The Walrus Blog

That\'s Princess Charming on the Right

I don’t very often tell the story of how I proposed to my wife Rebecca. That’s her on the right in the photo above (my son Colum is on the left, the fetus(es) that will become our next child (or two) are slightly to the lower-rightish).

There are people who go to elaborate lengths in their proposals and a mini-industry dedicated to celebrating their romanticism. Famously, there are the much-derided guys who get their “Julie, will you marry me?” message flashed momentarily onscreen at baseball games and whatnot, a high-risk idea that could possibly backfire (even if the backfiring is often planned, as demonstrated by a rash of declined-proposal hoaxes recently). My cousin Adam’s then-girlfriend Loretta, who lived a six-hour drive away, sent him on a wild chase involving custom-made crossword puzzles hidden in lockers and multiple gifts in various places that finally led him to a Niagra Falls hotel room.
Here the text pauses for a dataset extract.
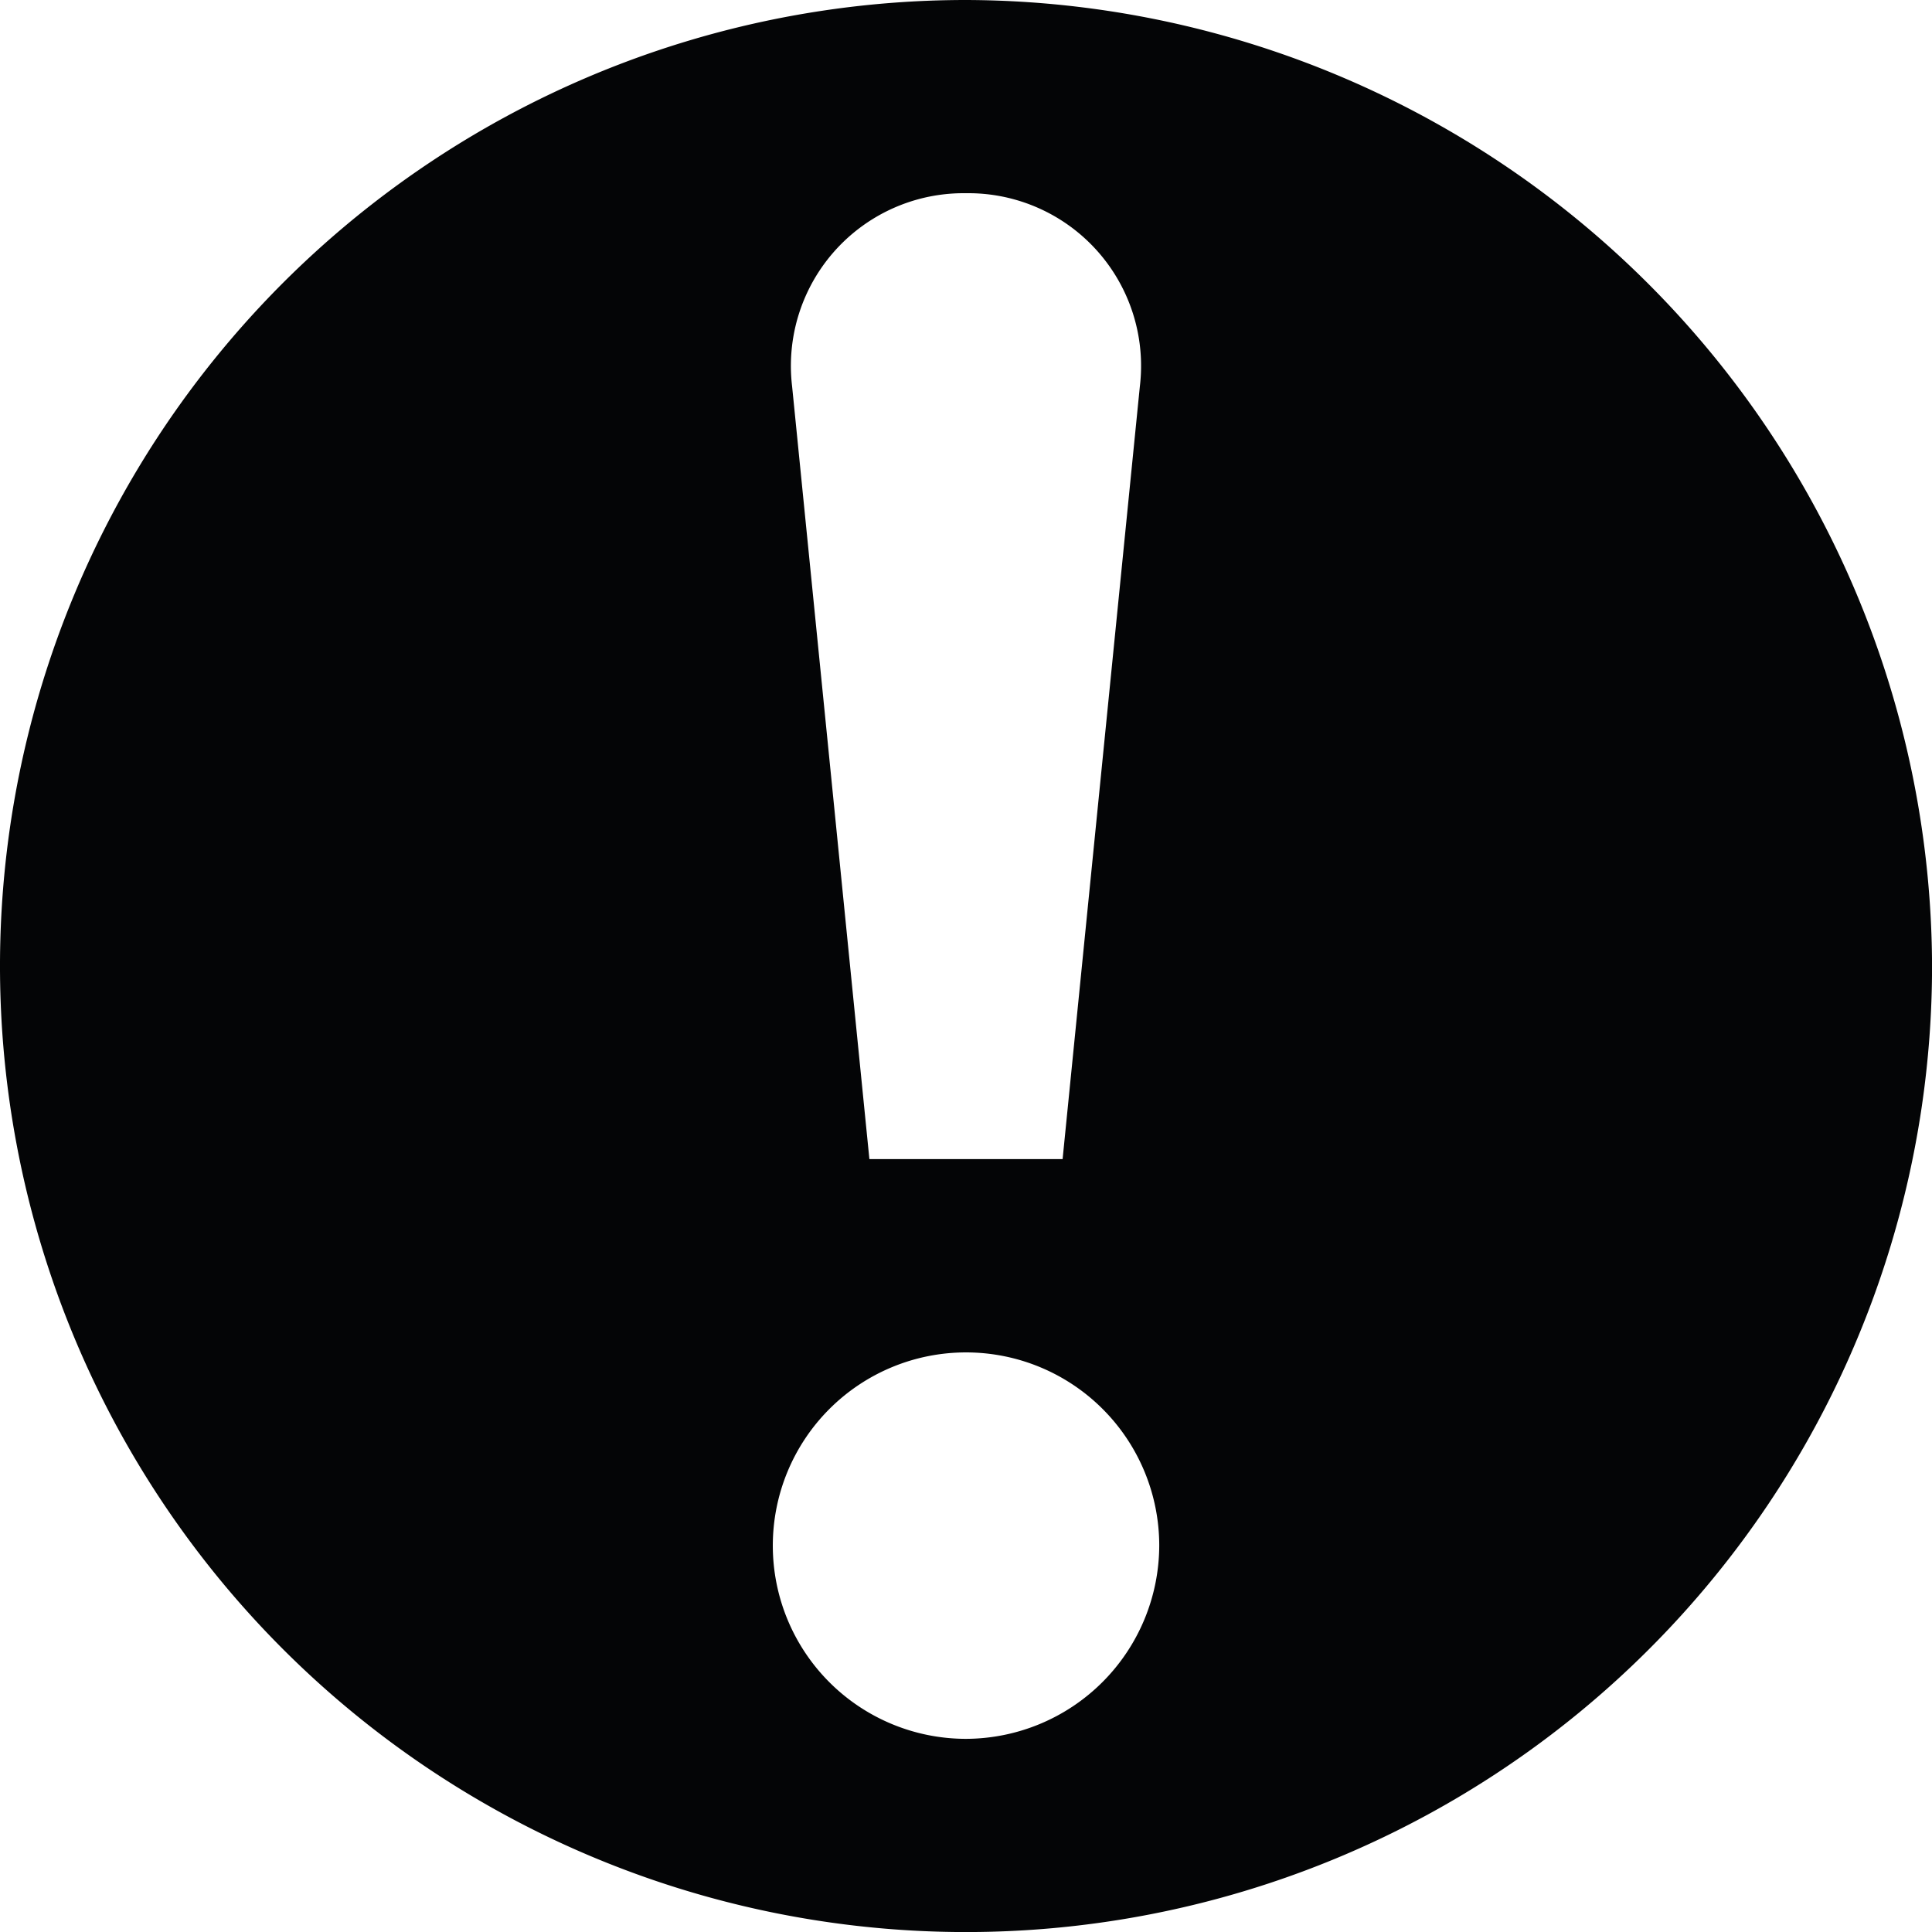 <svg xmlns="http://www.w3.org/2000/svg" viewBox="0 0 35.567 35.567"><g><path d="M17.784 0a17.784 17.784 0 1 0 17.784 17.784A17.836 17.836 0 0 0 17.784 0Zm0 3.557a3.179 3.179 0 0 1 3.2 3.557l-1.422 14.224h-3.557L14.582 7.111a3.179 3.179 0 0 1 3.202-3.554Zm0 28.454a3.557 3.557 0 1 1 3.557-3.557 3.568 3.568 0 0 1-3.557 3.557Z" fill="#040506"/></g></svg>

The night he arrived, she popped the question onstage during a dinner theatre performance. Public shenanigans aren’t everyone’s thing, obviously, but the stories are memorable.

More classically, you’ve got your foolproof bended-knee “will you make me the happiest man in the world?” thing. Scratch that, it ain’t foolproof. The deal with proposals is that you always risk foolishness (and heartbreak) if you aren’t positive what the answer will be.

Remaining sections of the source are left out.